**EXERCISE PROMPT:**
Return the listing below unchanged, except that the pictures are dropped.

**DATA TO USE:**
◆ ◆ ◆
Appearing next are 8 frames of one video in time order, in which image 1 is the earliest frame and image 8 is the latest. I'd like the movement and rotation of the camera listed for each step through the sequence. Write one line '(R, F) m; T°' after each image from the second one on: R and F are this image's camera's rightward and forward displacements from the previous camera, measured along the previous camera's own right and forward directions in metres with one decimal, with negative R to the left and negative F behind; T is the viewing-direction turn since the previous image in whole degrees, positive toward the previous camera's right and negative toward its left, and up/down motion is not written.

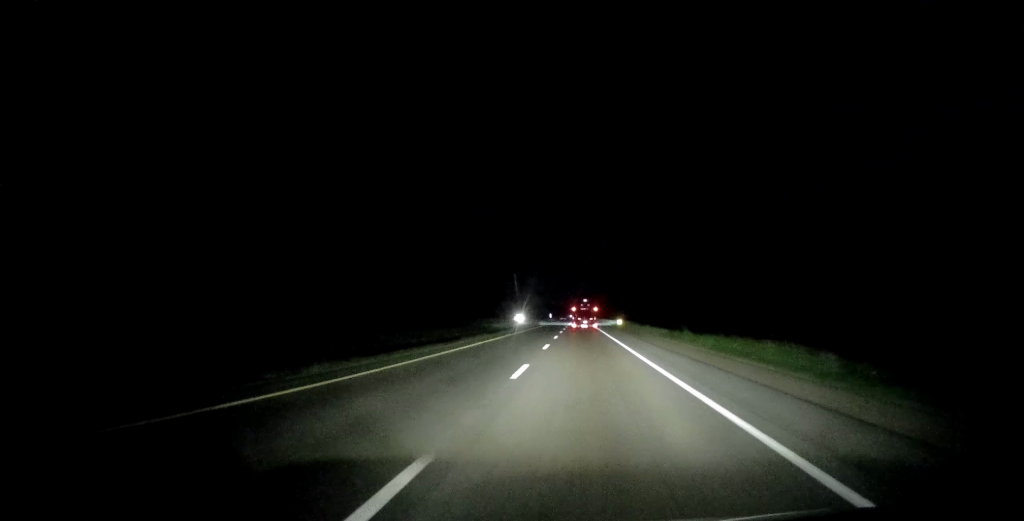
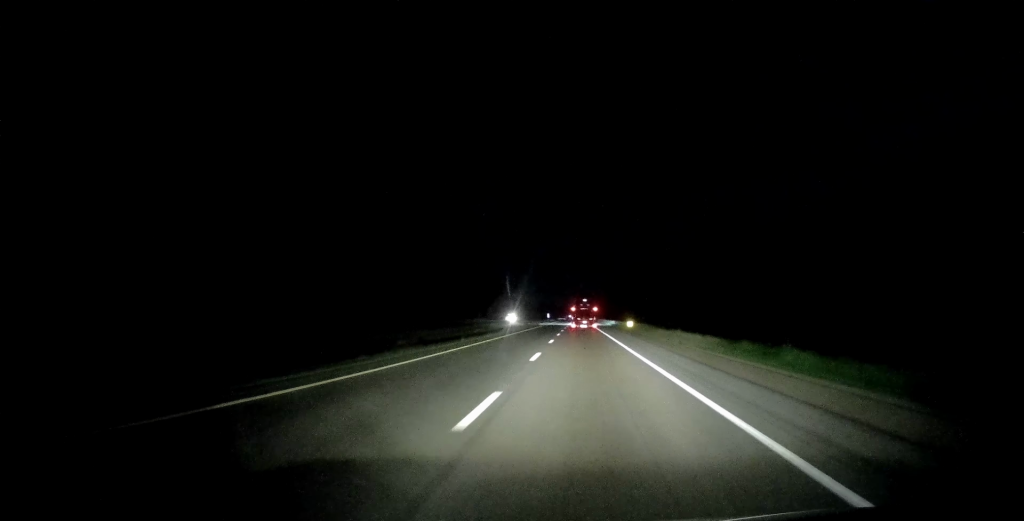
(+0.3, +18.6) m; +1°
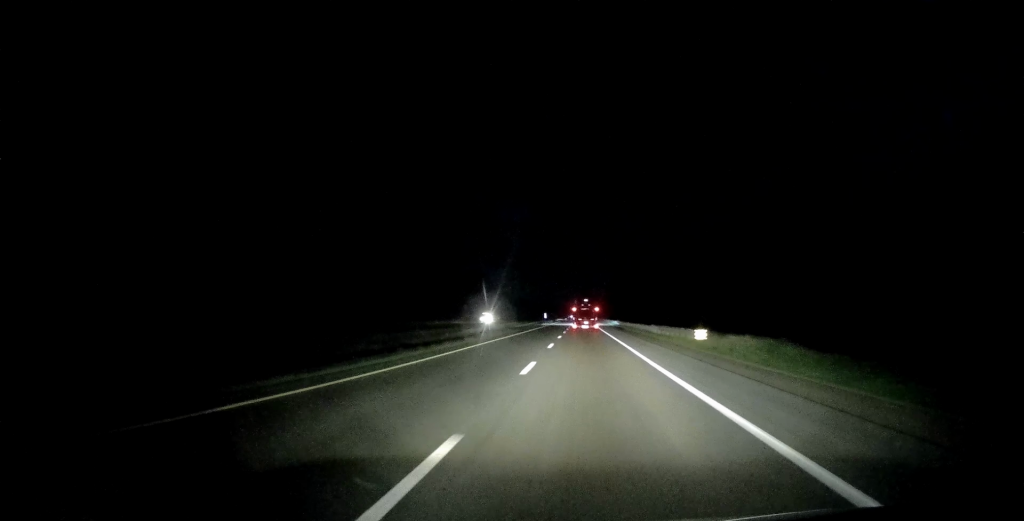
(-0.5, +40.5) m; -2°
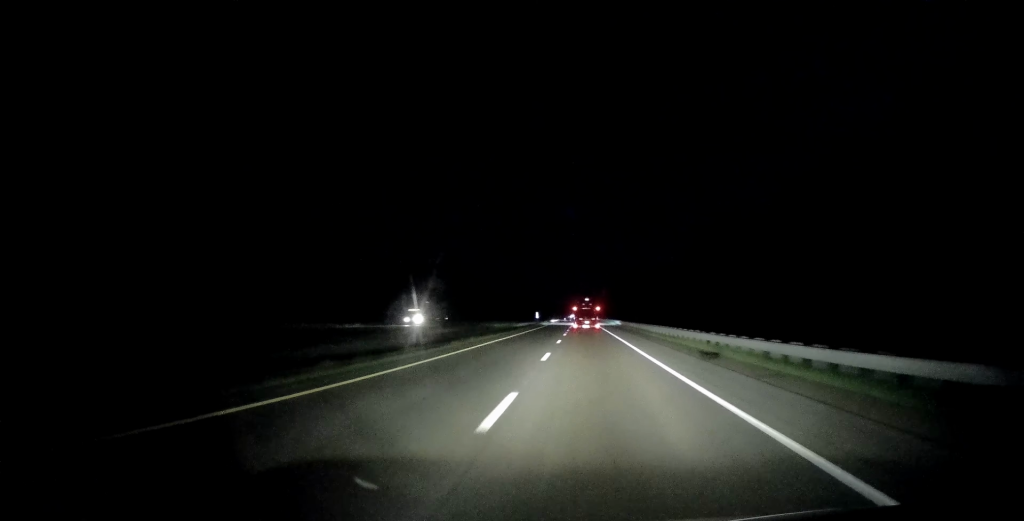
(-0.2, +43.7) m; 0°
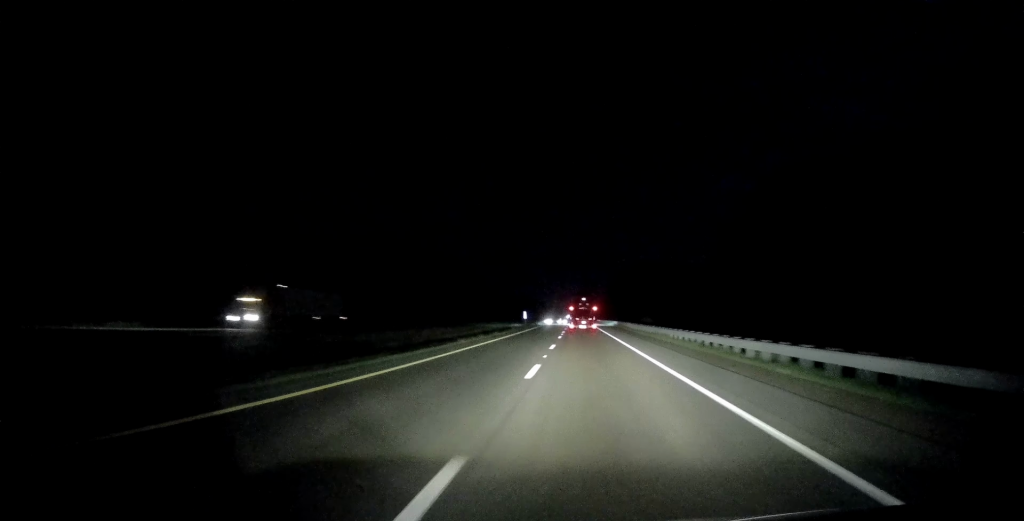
(-0.1, +29.5) m; 0°
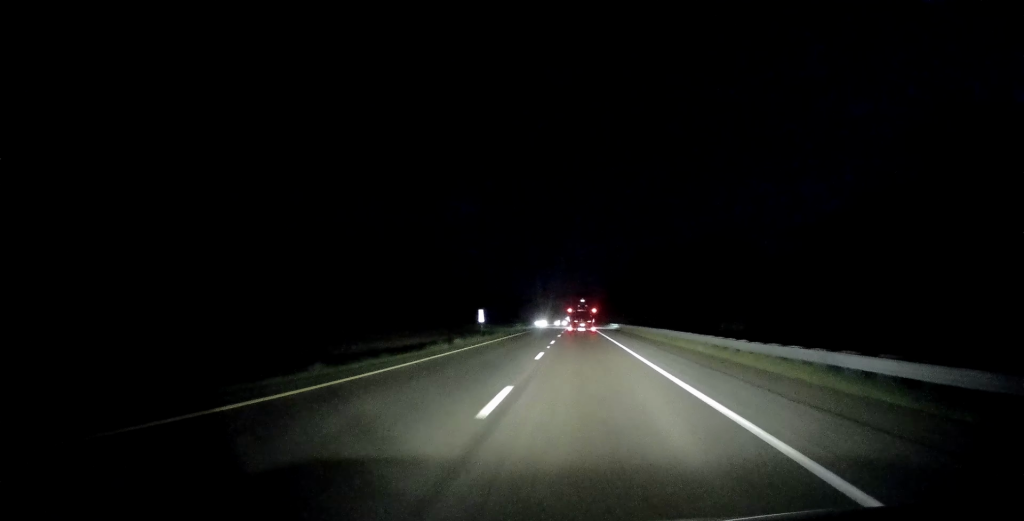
(+0.4, +66.9) m; 0°
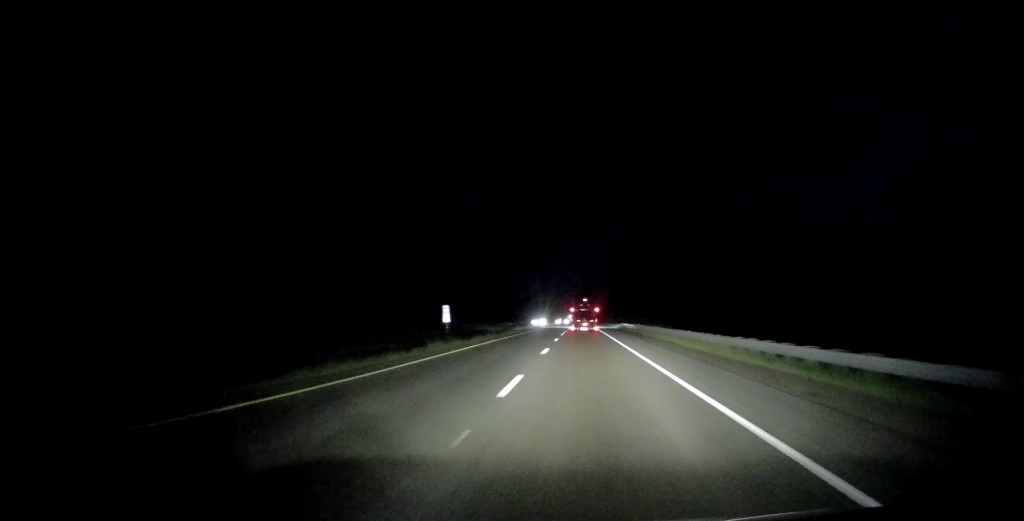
(-0.1, +21.9) m; 0°
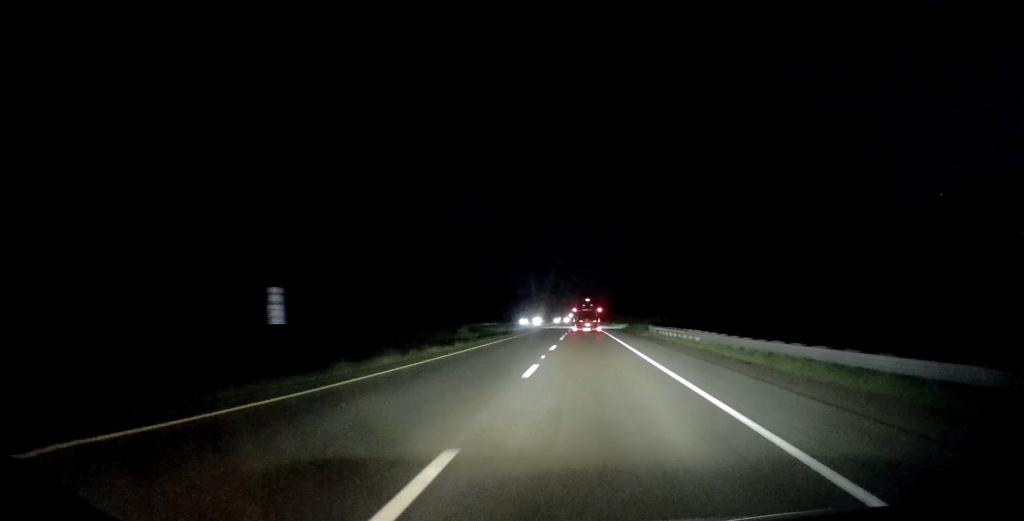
(+0.1, +32.8) m; +1°
◆ ◆ ◆
**SOLUTION TO THIS TASK:**
Appearing next are 8 frames of one video in time order, in which image 1 is the earliest frame and image 8 is the latest. I'd like the movement and rotation of the camera listed for each step through the sequence. Write one line '(R, F) m; T°' after each image from the second one on: R and F are this image's camera's rightward and forward displacements from the previous camera, measured along the previous camera's own right and forward directions in metres with one decimal, with negative R to the left and negative F behind; T is the viewing-direction turn since the previous image in whole degrees, positive toward the previous camera's right and negative toward its left, and up/down motion is not written.

(+0.3, +18.6) m; +1°
(-0.5, +40.5) m; -2°
(-0.2, +43.7) m; 0°
(-0.1, +29.5) m; 0°
(+0.4, +66.9) m; 0°
(-0.1, +21.9) m; 0°
(+0.1, +32.8) m; +1°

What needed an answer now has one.